Vitamin A may suppress type 1 diabetes
protecting against the attack of insulin-producing beta cells,
according to an animal study by American scientists.
Type 1 juvenile diabetes occurs when the infiltration of activated T lymphocytes and monocytes into the islets of Langerhans of the pancreas causes the immune system to destroy insulin-producing beta cells.
It is estimated that type 1 diabetes affects 218,000 people develop type 1 diabetes worldwide annually, of whom about 40 per cent are children.
It has previously been found that vitamin A and antioxidants can regulate the immune system.
However, Charles Stephensen, a physiologist for the US Department of Agriculture's Agricultural Research Service (ARS), said that no one has shown the suppressive effect of vitamin A on type 1 diabetes.

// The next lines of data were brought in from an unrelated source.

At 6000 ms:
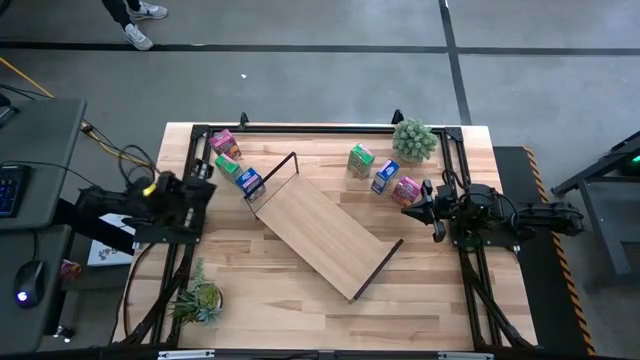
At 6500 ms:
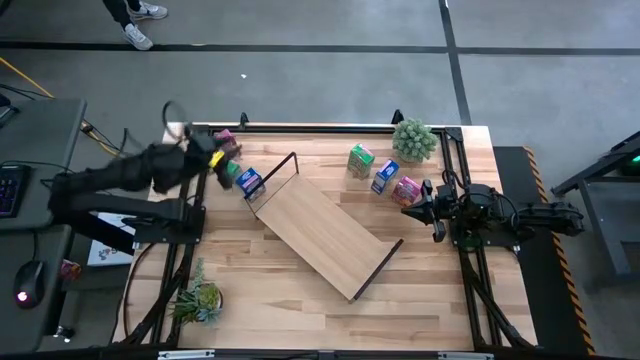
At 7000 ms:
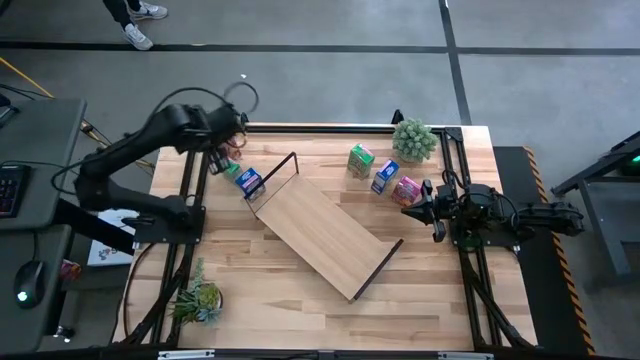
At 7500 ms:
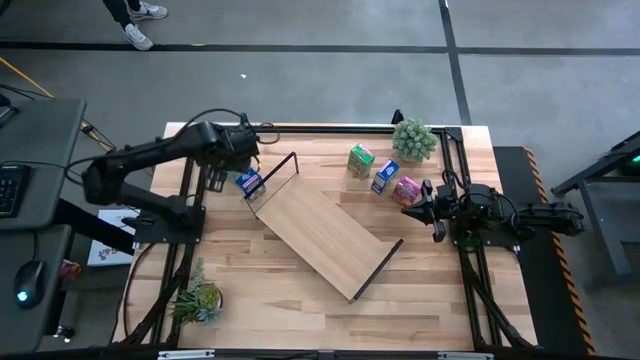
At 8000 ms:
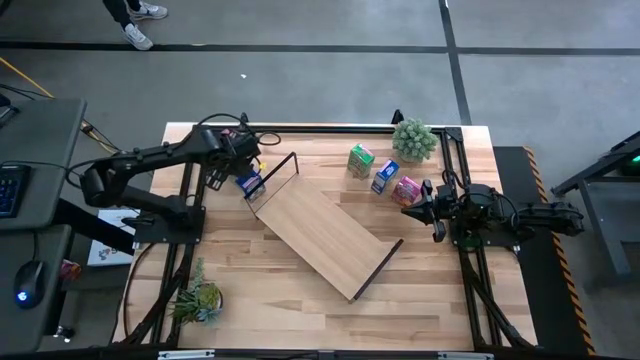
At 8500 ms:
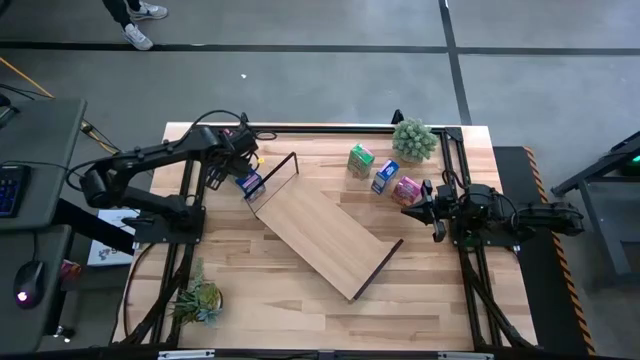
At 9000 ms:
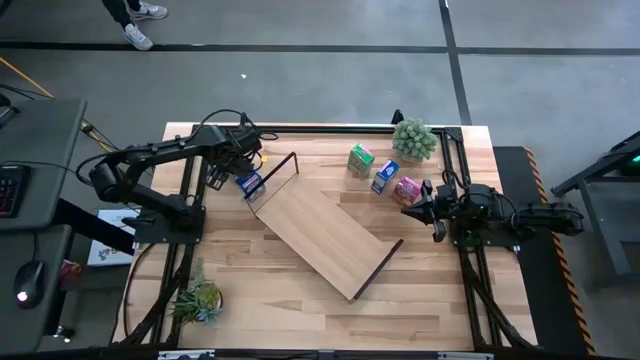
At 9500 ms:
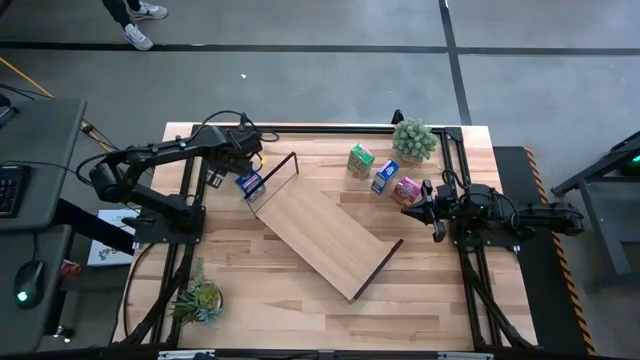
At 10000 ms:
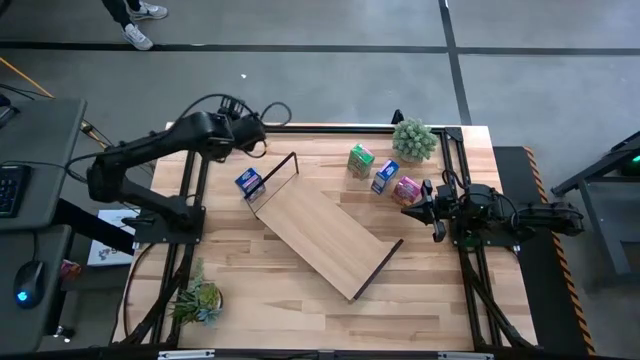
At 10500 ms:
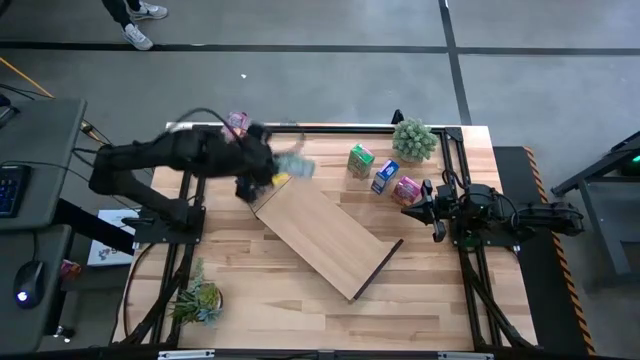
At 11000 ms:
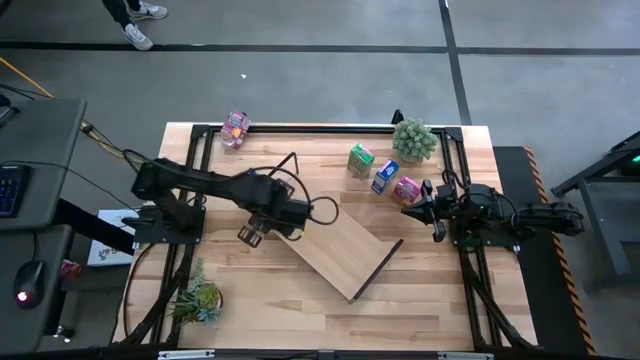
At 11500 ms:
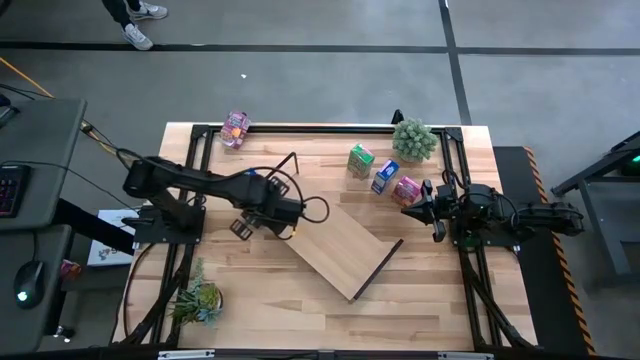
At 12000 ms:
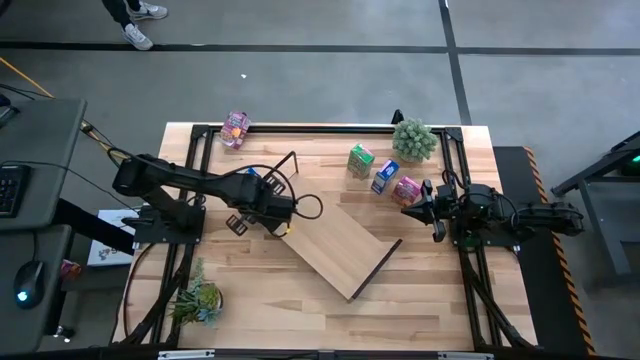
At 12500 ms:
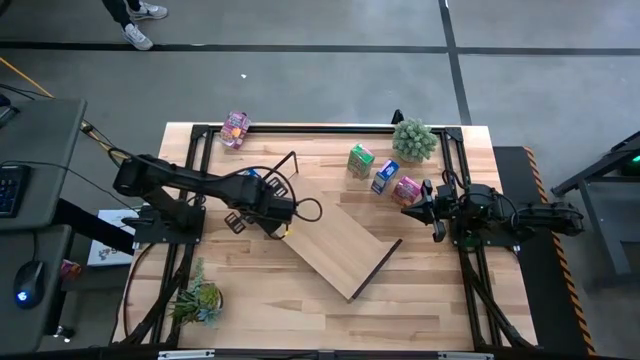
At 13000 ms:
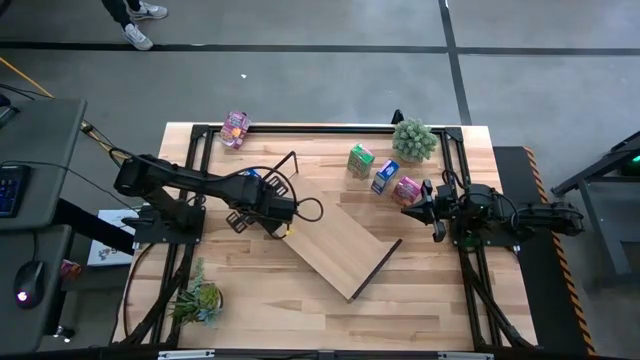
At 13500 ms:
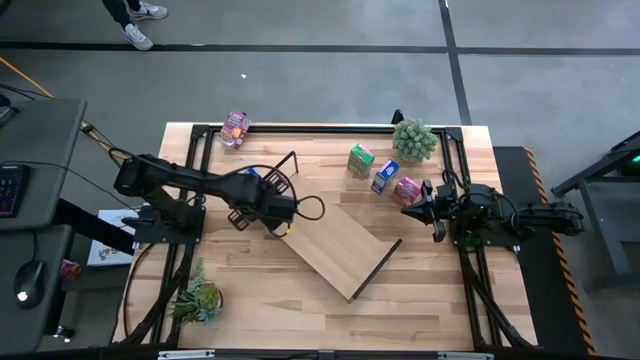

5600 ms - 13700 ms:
Task: Stack cereal on shelf
Put the top left green cereal box on the shelf

His study, published in the Journal of Nutrition , investigated this effect in mice and found that vitamin A consumption resulted in lower levels of tumour necrosis factor-alpha (TNF-alpha), a protein that has been linked in other studies to type 1 diabetes.
"Because vitamin A deficiency can directly impair cytotoxic T cell responses, it is plausible that both vitamin A deficiency and excess can affect the development of diabetes via different effects on the beta cell-specific immune response," wrote the authors of the study.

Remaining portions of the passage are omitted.